In the figure, reference numeral 80 is a print control means which controls
the carriage drive motor 10 in accordance with print data received from a
host computer which causes a head drive means 81 to output a drive signal
to drive the black print head 6. Numeral 82 is a suction control means for
controlling a sucking time and a sucking force. When the black ink
cartridge 1 is replaced with another cartridge or the black print head 6
is clogged, the suction control means 82 is used. In this case, the black
print head 6 is sealed with the capping members 17, and a negative
pressure is applied to the sealed black print head 6. Numeral 83 is a
flushing control means having a function to control a period at which a
flushing operation is performed, and a time for which the flushing
operation continues, and another function to output a drive signal to the
head drive means 81 to start the flushing operation. The flushing
operation is executed, during a print period, to prevent the black print
head 6 from being clogged with ink of an increased viscosity. In the
flushing operation, the printing operation is stopped for a given period
and the black print head 6 is driven to discharge ink droplets
irrespective of print data. The print control means 80, head drive means
81, suction control means 82, and flushing control means 83 are essential
in executing the minimum functions required for the ink jet printing
apparatus.
Numeral 84 is a data read-out means. The data read-out means 84 responds to
a signal output from the data reading means 71 and 71' attached to the
carriage 8, for example, and reads data from the ink characteristic data
storing means 70 of the black ink cartridge 1 and outputs the read out
data to a control data read-out means 85 and a control data writing means
86, which will be described later.
The control data read-out means 85, referred to just above, refers to a
control data storing means 87 to be given later and selects an optimum
print condition from the contents stored in the storing means in
accordance with the ink nature, for example, of the black ink cartridge 1,
and transfers the selected one to the print control means 80, suction
control means 82 and flushing control means 83. The control data writing
means 86 updates data stored in the control data storing means 87 when the
data read-out means 84 outputs data to request the version up of the
printing apparatus.
The control data storing means 87 is a nonvolatile semiconductor storing
means, e.g., flash memory, which is easily electrically reprogammable and
capable of holding data without being destroyed when no electric power is
supplied to the printing apparatus. The control data storing means 87
stores data of the factors determining the characteristic of a drive
signal, which are adjusted in connection with ink in the black ink
cartridge 1 attached to the printing apparatus. Examples of the factors
are: voltage, application time, a rate of changing of voltage and current,
period at which the flushing operation is performed, continuance of the
flushing operation in time, time duration of a sucking operation, and
sucking force.
Numeral 90 designates a resistance detecting means for detecting an
electrical resistance value between the electrodes 62 and 63 of the ink
cartridge for the purpose of ink end detection. A detection result is
applied to an ink amount detecting means 91 and an ink nature detecting
means 92. When an electrical resistance value between the electrodes 62
and 63 increases to reach a reference value Ln (see FIG. 5), the ink
amount detecting means 91 causes a display 93 to display an ink near end
message directing a user to replace the ink cartridge with a new one. When
the resistance value reaches another reference value Le, the ink amount
detecting means 91 causes the display 93 to display an ink end or, if
necessary, outputs a signal to stop the printing operation.
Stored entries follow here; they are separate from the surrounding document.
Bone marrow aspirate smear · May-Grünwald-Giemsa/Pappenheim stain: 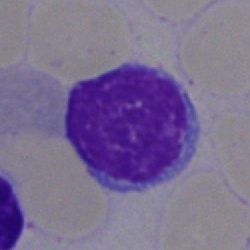

The classification is typical lymphocyte.
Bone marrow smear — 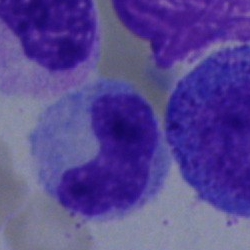
The classification is neutrophil (band).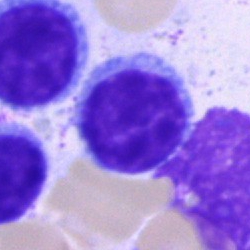

Bone marrow smear showing a lymphocyte.
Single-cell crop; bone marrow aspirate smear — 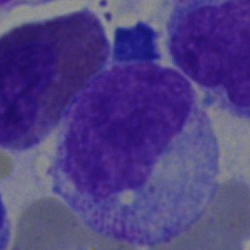
Morphological class — progranulocyte.
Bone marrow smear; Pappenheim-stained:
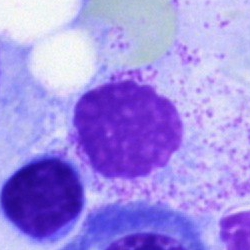

Single cell identified as an artifact.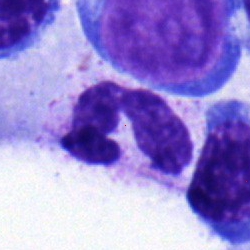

The ink nature detecting means 92, just referred to above, judges whether
or not ink filling the black ink cartridge 1 is suitable for black print
head 6 depending on an electric conductivity of ink that can be known from
an electrode-to-electrode resistance in the ink full state of the black
ink cartridge 1. The result of the judgement is applied to the control
data read-out means 85.
An operation of the thus arranged control unit of the ink jet printing
apparatus will be described.
Upon power on, the print control means 80 reads control data from the
control data storing means 87, and waits for input print data. In this
state, print data is input to the control unit. Then, the print control
means 80 causes the head drive means 81 to output a drive signal to form
dots defined by the print data under control of control data output from
the control data storing means 87.
A size of a dot formed on a print sheet with an ink droplet discharged from
the black print head 6 depends on a viscosity of ink and a permeability of
ink into the print sheet. For this reason, in printing dots, a drive
energy is used which is suitable for the characteristic of the ink
contained in the black ink cartridge 1 now loaded, whereby an amount of an
ink droplet is optimumly adjusted to keep a print quality at the highest
level. The amount of the ink droplet may readily be reset by controlling a
voltage and application time of the drive signal, changing rates of the
voltage and current in accordance with data from the control data storing
means 87.
A printing operation continues for a give time, and a clogging occurrence
time, which depends on an evaporation characteristic of ink of the black
ink cartridge 1, elapses. Then, the print control means 80 moves the
carriage 8 to a nonprint region and causes the black print head 6 to face
an ink receptacle, for example, the capping members 17. And it drives the
black print head 6 to discharge a fixed number of ink droplets. As the
result of the discharging operation, ink whose viscosity was increased in
the black print head 6 is discharged into the capping members 17. Then,
ink suitable for the print is discharged from the black ink cartridge 1,
and the printing operation will continue while keeping a fixed print
quality level.
When the printing operation continues for a long period and ink is used up
in the black ink cartridge 1, the old black ink cartridge 1 is detached
from the cartridge holder 16 and a new black ink cartridge 1 is attached
to the holder. The detaching and attaching of the black ink cartridge 1 is
detected by the data reading means 71. Then, the data read-out means 84
reads ink characteristic data on the new black ink cartridge 1 from the
ink characteristic data storing means 70.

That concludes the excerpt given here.